Foi proposta também a redefinição das normas da sala de aula, do papel do aluno e do professor, a
criação de oportunidades de aprendizagem de atitudes valorizadas no grupo do qual faz parte e a
sinalização de momentos diferenciados de exigência e de troca de afeto. Buscou-se não incentivar
as fugas da sala de aula e a mobilização excessiva em decorrência das ações realizadas pelo aluno,
assim como a reversão do modo como ele recebia atenção em razão de ações inadequadas. A
pensar no cuidado dos diversos agentes envolvidos na elaboração e implementação de tais ações,
os resultados previstos poderiam ter sido atingidos. No entanto, a inclusão social não se faz somente
a partir das ações de agentes educativos. Como um fenômeno complexo, outras instâncias sociais
participam na implementação de suas práticas. Enquanto instância máxima, o Poder Judiciário
determinou o afastamento da criança do contexto escolar e sua institucionalização, considerando-a
como uma ameaça à comunidade escolar. Diante de tal decisão, coube aos profissionais da
educação associados a outros setores como o serviço social e de saúde fazer o possível, ouvindo os
interesses da criança, de sua família e oferecendo suporte para que pudessem ser preservados os
laços afetivos entre eles e preparadas as condições mais favorecedoras ao desenvolvimento do
aluno quando do seu retorno a escola. Infelizmente, os dados apresentados, com certeza, não
refletem o resultado esperado pela equipe da educação, mas, sobretudo, demonstram como outros
profissionais envolvidos com o contexto inclusão social, compreendem educação inclusiva. Com
intuito de enriquecer esse debate, este estudo pretende adicionar ao discurso científico, situações de
insucesso no movimento de transformação da sociedade com o processo de inclusão social e
educacional.
Introdução
A LDB 9394/1996 (Lei Diretrizes e Bases da Educação) e o Plano Nacional de Educação
determinam que a escola se mobilize para estruturar um conjunto de ações e providenciar recursos
necessários que garantam o acesso e a permanência de todos os alunos na escola.
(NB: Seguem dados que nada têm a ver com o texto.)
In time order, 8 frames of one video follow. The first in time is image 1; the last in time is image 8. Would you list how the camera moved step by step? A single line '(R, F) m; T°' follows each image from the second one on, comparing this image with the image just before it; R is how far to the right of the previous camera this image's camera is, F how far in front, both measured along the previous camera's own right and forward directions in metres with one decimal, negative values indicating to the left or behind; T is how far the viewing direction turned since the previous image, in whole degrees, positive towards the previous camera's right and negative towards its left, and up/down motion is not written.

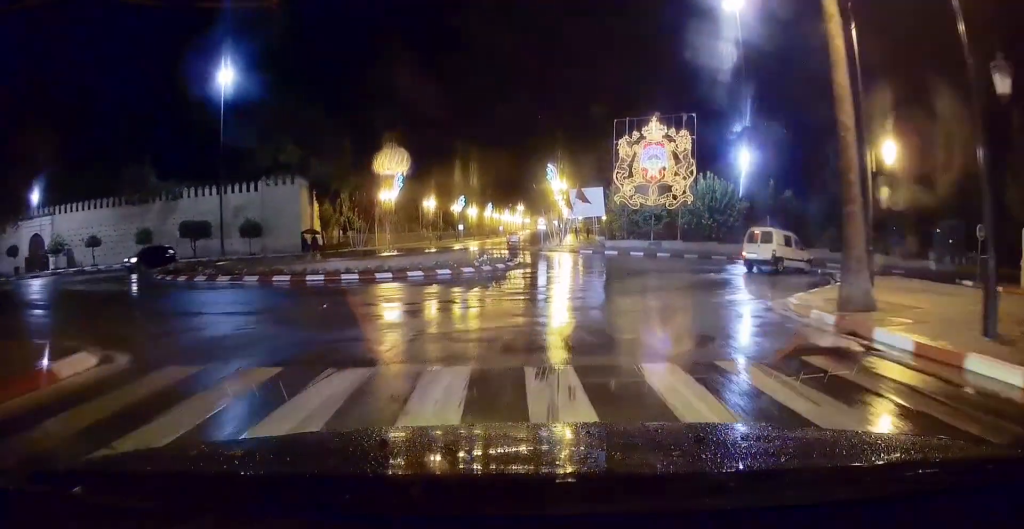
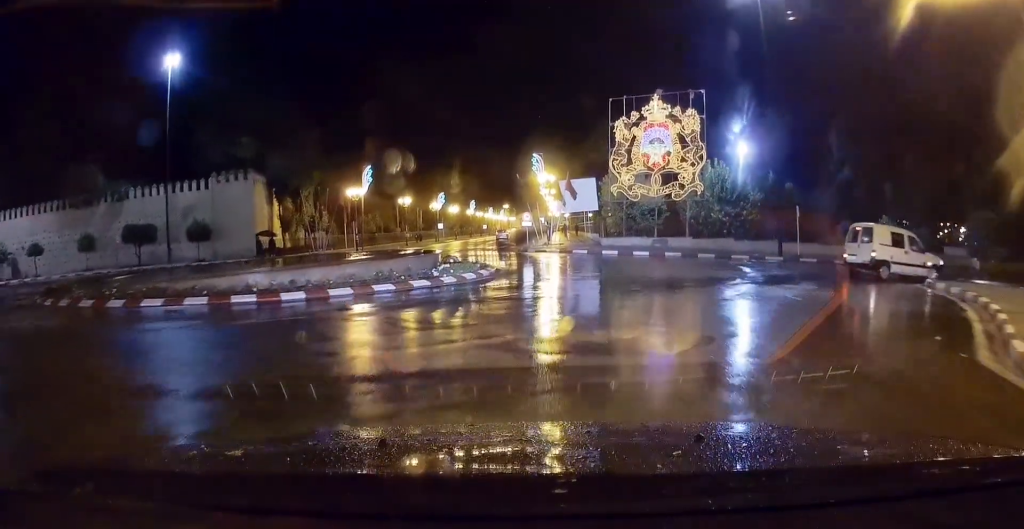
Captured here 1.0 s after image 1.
(+0.1, +7.6) m; +1°
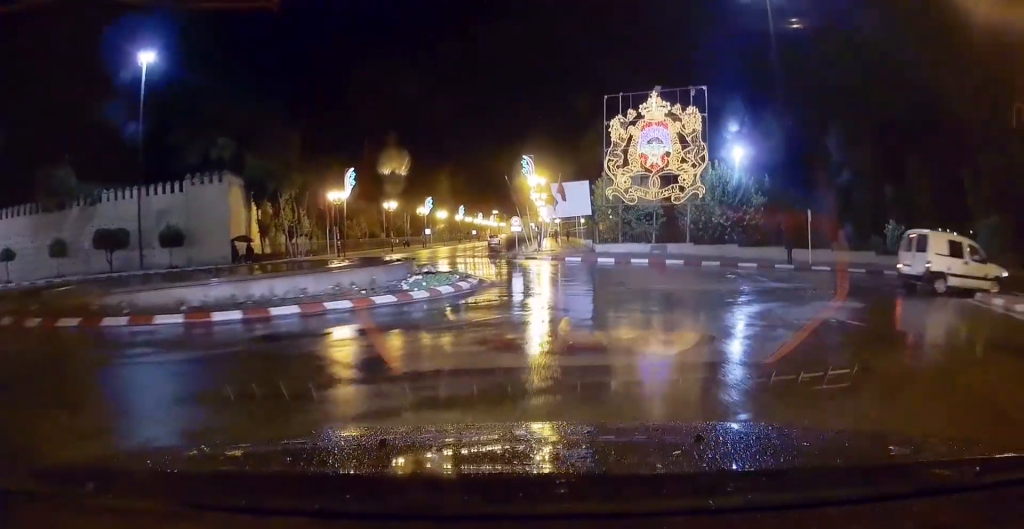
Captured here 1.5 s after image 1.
(0.0, +3.0) m; 0°
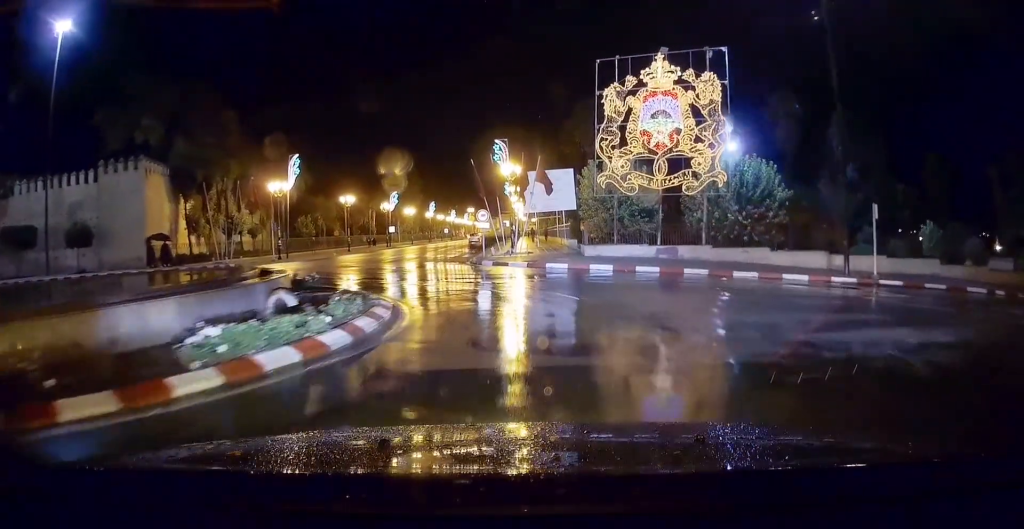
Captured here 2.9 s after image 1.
(-0.2, +9.4) m; -3°
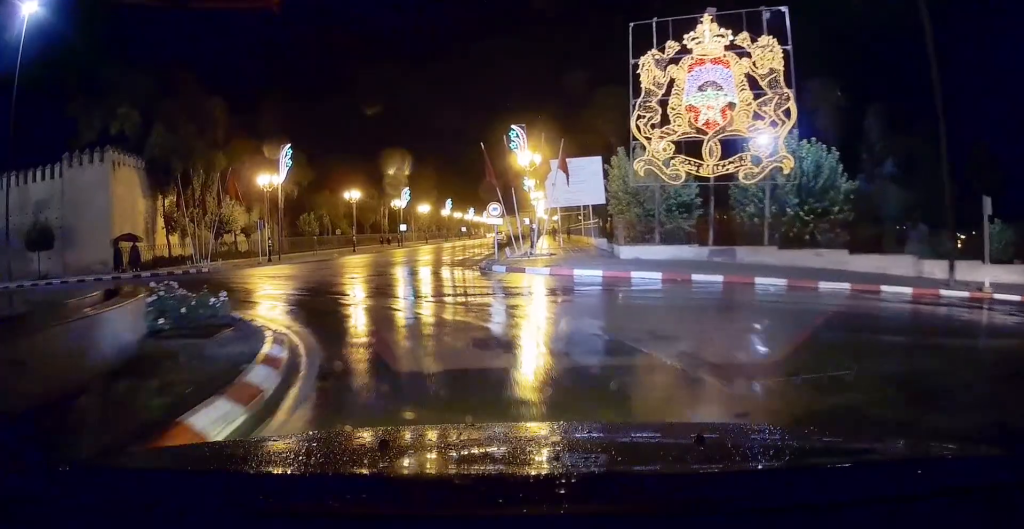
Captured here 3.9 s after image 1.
(-0.1, +6.5) m; -6°
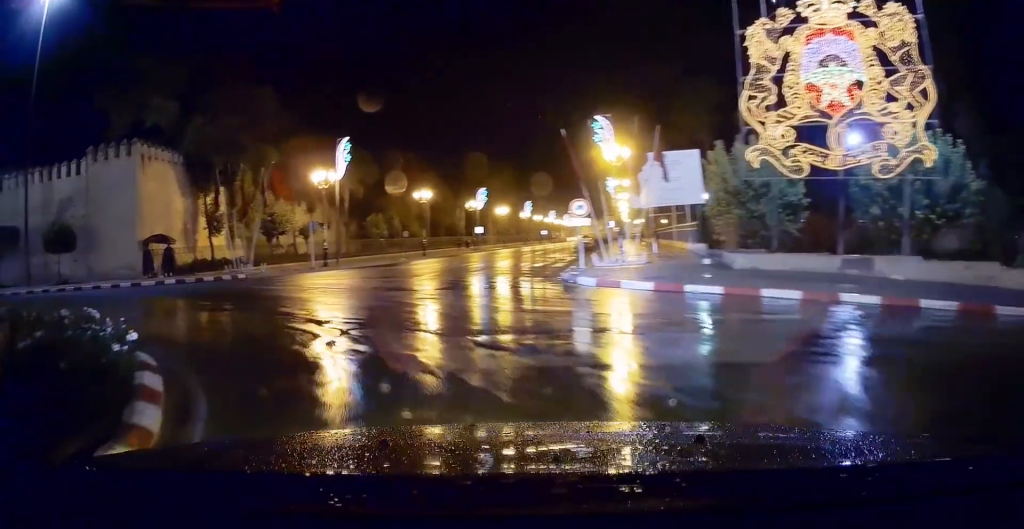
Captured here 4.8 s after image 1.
(-0.4, +5.4) m; -4°
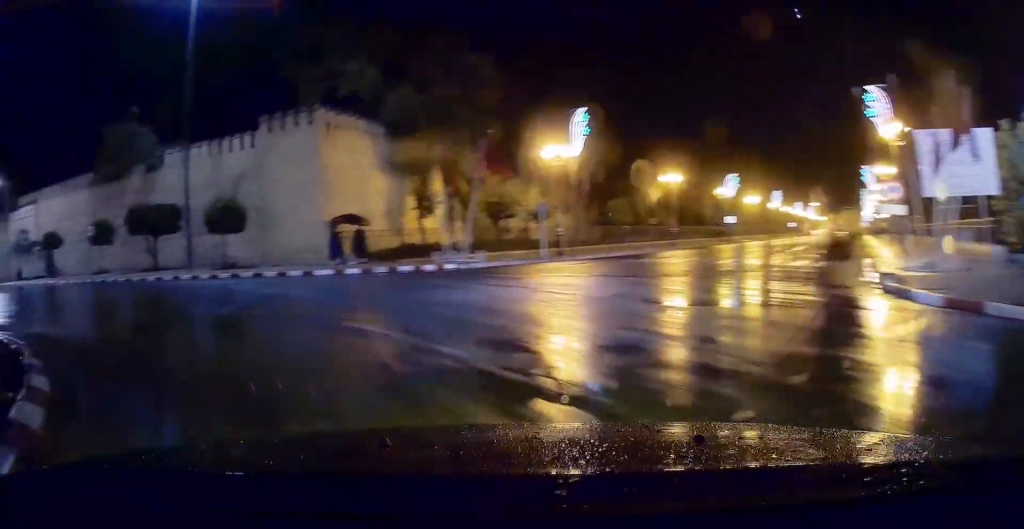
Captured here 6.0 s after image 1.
(-0.1, +6.8) m; -21°
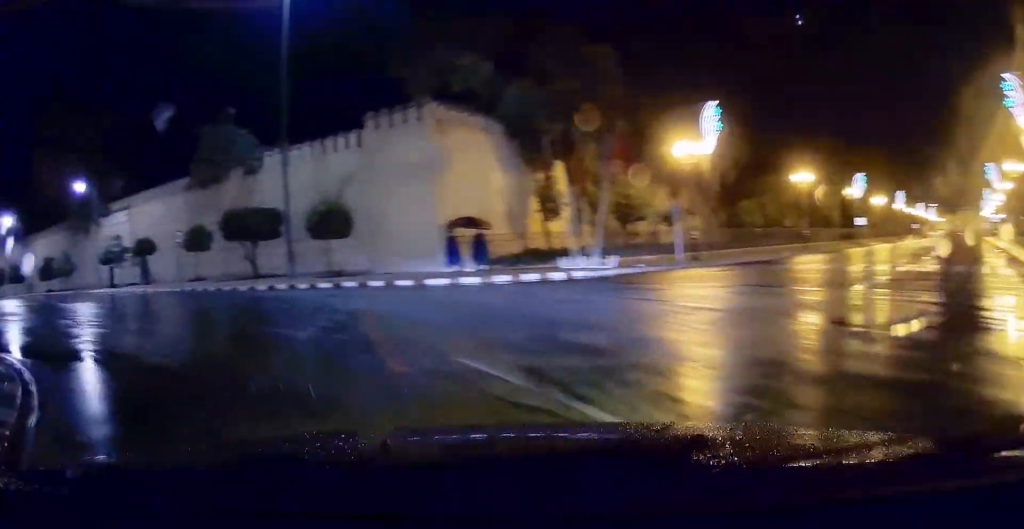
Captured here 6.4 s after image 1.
(-0.9, +2.2) m; -13°

Nenhum profissional de educação nega a importância da inclusão, no entanto, muitos se
mostram resistentes ao atendimento do aluno com necessidades educacionais especiais. É usual
observar, por parte dos professores, o relato de receituários e a formalização de passos bem
definidos para conduzir o processo de ensino e de aprendizagem desses alunos, dentro e fora da
sala de aula comum (MANTOAN, 2001; ARANHA, 2004; FERREIRA, 2004; GÓES, 2004).
Ao considerar que o estabelecimento da educação inclusiva ainda é recente em nosso país,
novas propostas de Formação Continuada surgem para promover uma contínua reflexão dos
profissionais do ensino sobre os métodos e conhecimentos teóricos da aprendizagem dos alunos.
Quando se pretende modificar as concepções e conseqüentemente as práticas dos
professores, é necessário que haja a discussão sobre o modo como concebem o processo de
ensino aprendizagem, suas percepções sobre a escola e suas relações com a sociedade, a fim de
possibilitar novas formas de atuação (LEITE, 2003; MAZZEU, 1998; RUEDA 1996).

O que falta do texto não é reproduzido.